Das Team um Chen wertete die Daten nach den fünf größten Feinstaubemittenten in Kanada aus: Verkehr (14,3 Prozent des Gesamtausstoßes), Industrie und Verbrennung in Haushalten (jeweils 13,4 Prozent), Landwirtschaft (9,5 Prozent) und Energieerzeugung (7,3 Prozent). Die Modellierungen zeigten, dass allein eine jährliche Verringerung des Feinstaubausstoßes im Verkehr um zehn Prozent 175 vorzeitige Tode pro Million Menschen durch Feinstaub verhindern würde.
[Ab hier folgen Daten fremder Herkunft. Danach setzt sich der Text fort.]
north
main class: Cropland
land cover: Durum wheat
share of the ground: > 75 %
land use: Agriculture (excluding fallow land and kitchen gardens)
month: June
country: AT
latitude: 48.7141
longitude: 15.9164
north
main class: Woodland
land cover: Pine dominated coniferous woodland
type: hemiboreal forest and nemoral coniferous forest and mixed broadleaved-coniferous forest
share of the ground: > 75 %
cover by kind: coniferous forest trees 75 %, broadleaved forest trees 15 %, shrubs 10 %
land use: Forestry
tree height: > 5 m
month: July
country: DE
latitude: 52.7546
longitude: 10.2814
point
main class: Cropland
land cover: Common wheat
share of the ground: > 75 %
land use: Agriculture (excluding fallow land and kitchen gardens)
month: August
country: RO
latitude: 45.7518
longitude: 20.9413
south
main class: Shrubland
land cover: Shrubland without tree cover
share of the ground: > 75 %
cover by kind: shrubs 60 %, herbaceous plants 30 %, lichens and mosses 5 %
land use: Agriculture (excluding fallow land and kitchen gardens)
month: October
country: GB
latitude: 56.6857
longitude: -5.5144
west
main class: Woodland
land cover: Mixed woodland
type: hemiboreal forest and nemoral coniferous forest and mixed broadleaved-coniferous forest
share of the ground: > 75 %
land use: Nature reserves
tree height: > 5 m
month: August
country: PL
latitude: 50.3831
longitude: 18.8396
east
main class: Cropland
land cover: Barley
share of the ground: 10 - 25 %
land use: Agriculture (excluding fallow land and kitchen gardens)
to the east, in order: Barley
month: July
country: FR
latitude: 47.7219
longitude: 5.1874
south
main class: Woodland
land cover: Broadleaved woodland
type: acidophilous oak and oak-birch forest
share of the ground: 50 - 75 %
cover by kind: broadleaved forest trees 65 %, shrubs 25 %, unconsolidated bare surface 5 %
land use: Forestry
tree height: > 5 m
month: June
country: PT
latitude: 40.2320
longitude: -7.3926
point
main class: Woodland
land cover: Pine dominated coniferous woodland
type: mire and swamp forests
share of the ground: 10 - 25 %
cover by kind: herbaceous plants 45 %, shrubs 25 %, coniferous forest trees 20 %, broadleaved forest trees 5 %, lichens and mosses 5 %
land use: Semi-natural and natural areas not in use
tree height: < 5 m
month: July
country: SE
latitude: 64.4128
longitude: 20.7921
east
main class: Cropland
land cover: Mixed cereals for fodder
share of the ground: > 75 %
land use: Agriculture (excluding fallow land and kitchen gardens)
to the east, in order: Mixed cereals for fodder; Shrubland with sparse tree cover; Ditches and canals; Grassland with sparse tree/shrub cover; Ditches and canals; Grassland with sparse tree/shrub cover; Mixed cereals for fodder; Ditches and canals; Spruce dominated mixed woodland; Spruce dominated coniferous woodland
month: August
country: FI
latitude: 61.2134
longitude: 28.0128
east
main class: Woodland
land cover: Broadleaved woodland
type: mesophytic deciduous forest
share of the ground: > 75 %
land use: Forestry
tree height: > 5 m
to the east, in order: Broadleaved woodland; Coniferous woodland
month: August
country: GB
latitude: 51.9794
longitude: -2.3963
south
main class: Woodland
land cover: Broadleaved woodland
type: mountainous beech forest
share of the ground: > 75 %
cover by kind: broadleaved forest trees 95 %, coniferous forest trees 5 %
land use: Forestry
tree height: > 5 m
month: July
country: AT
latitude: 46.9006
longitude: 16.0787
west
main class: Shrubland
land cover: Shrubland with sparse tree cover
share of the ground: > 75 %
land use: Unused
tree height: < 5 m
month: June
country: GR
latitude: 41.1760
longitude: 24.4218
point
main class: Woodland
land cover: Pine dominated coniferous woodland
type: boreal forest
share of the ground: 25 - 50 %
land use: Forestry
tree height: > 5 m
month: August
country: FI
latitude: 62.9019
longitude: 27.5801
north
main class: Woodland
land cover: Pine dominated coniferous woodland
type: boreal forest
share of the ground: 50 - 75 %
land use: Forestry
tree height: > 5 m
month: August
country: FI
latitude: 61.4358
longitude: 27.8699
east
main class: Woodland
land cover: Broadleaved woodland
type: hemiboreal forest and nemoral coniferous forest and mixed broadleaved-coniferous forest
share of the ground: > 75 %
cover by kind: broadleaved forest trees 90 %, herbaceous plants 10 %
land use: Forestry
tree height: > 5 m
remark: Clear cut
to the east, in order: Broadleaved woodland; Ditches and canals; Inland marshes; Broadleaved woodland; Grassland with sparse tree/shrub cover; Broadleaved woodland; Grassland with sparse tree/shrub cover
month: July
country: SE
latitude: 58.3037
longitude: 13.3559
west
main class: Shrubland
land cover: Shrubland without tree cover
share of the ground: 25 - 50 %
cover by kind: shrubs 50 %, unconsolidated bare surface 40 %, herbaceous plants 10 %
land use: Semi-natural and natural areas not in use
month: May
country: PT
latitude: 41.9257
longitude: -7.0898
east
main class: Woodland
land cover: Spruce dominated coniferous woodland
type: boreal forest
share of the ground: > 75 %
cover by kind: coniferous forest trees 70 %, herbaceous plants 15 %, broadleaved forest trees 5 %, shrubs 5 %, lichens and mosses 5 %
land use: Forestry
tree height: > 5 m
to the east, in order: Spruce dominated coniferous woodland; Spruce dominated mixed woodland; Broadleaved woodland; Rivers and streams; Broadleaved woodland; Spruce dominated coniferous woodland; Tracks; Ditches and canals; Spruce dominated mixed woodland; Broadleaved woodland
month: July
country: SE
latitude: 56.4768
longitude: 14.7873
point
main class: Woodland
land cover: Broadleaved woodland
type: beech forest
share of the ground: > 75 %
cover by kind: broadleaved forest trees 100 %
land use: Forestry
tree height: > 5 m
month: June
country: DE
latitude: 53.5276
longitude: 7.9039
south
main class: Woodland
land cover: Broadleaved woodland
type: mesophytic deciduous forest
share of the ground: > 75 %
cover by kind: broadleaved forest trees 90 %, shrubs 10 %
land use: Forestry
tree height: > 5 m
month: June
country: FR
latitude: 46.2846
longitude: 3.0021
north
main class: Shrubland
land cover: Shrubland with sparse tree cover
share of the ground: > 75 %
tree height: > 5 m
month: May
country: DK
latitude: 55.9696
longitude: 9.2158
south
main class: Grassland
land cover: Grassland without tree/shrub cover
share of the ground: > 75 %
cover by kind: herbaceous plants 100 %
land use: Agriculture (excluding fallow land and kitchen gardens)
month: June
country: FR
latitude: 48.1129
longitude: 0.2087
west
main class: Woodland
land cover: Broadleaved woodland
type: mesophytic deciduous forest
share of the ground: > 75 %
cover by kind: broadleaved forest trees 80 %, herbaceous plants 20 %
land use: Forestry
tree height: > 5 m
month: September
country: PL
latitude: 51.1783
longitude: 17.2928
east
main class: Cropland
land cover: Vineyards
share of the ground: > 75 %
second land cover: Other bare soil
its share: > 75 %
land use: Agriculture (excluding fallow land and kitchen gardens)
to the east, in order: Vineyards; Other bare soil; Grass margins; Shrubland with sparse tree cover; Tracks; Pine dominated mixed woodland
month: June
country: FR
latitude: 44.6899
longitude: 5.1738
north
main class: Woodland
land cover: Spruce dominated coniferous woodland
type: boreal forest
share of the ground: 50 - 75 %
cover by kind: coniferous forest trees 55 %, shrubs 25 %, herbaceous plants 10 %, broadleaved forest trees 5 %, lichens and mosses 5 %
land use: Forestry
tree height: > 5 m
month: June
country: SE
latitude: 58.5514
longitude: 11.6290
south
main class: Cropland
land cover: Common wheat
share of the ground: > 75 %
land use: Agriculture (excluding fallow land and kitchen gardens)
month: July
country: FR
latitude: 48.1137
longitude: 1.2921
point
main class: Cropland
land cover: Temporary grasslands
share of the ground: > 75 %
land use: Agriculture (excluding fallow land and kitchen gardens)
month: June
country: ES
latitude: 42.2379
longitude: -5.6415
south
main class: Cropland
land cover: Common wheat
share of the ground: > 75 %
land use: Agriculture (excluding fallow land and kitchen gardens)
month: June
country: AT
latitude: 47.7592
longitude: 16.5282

Dasselbe Vorgehen bei der Energieerzeugung würde immerhin 90 Leben pro Million retten. Eine Feinstaubreduzierung um jährlich 25 Prozent würde noch einmal 80 Prozent mehr dieser vorzeitigen Tode verhindern.

Männer, Menschen über 50 Jahre und Geringverdiener profitieren nach Forscherangaben überproportional von der Verringerung der Feinstaub-Belastung. Bei Über-50-Jährigen war die Schutzwirkung zehnmal so groß wie bei Unter-50-Jährigen. Die Forscher errechneten auch, welchen wirtschaftlichen Nutzen eine Verringerung des Feinstaubausstoßes der fünf größten Emittenten hätte: Bei zehn Prozent Minderung wären es demnach 4,6 Milliarden kanadische Dollar pro eine Million Einwohner, bei 25 Prozent 8,2 Milliarden.

Auch wenn die gefundenen Zahlen sich auf Kanada beziehen, zeigen sie den Forschern zufolge dennoch, welches Gesundheitspotenzial in der Reduzierung von Feinstaub steckt: „Angesichts der Tatsache, dass die PM2,5-Werte in Kanada zu den niedrigsten weltweit gehören, können diese Ergebnisse wichtige Auswirkungen auf die öffentliche Gesundheit weltweit haben“, schreiben Chen und Kollegen.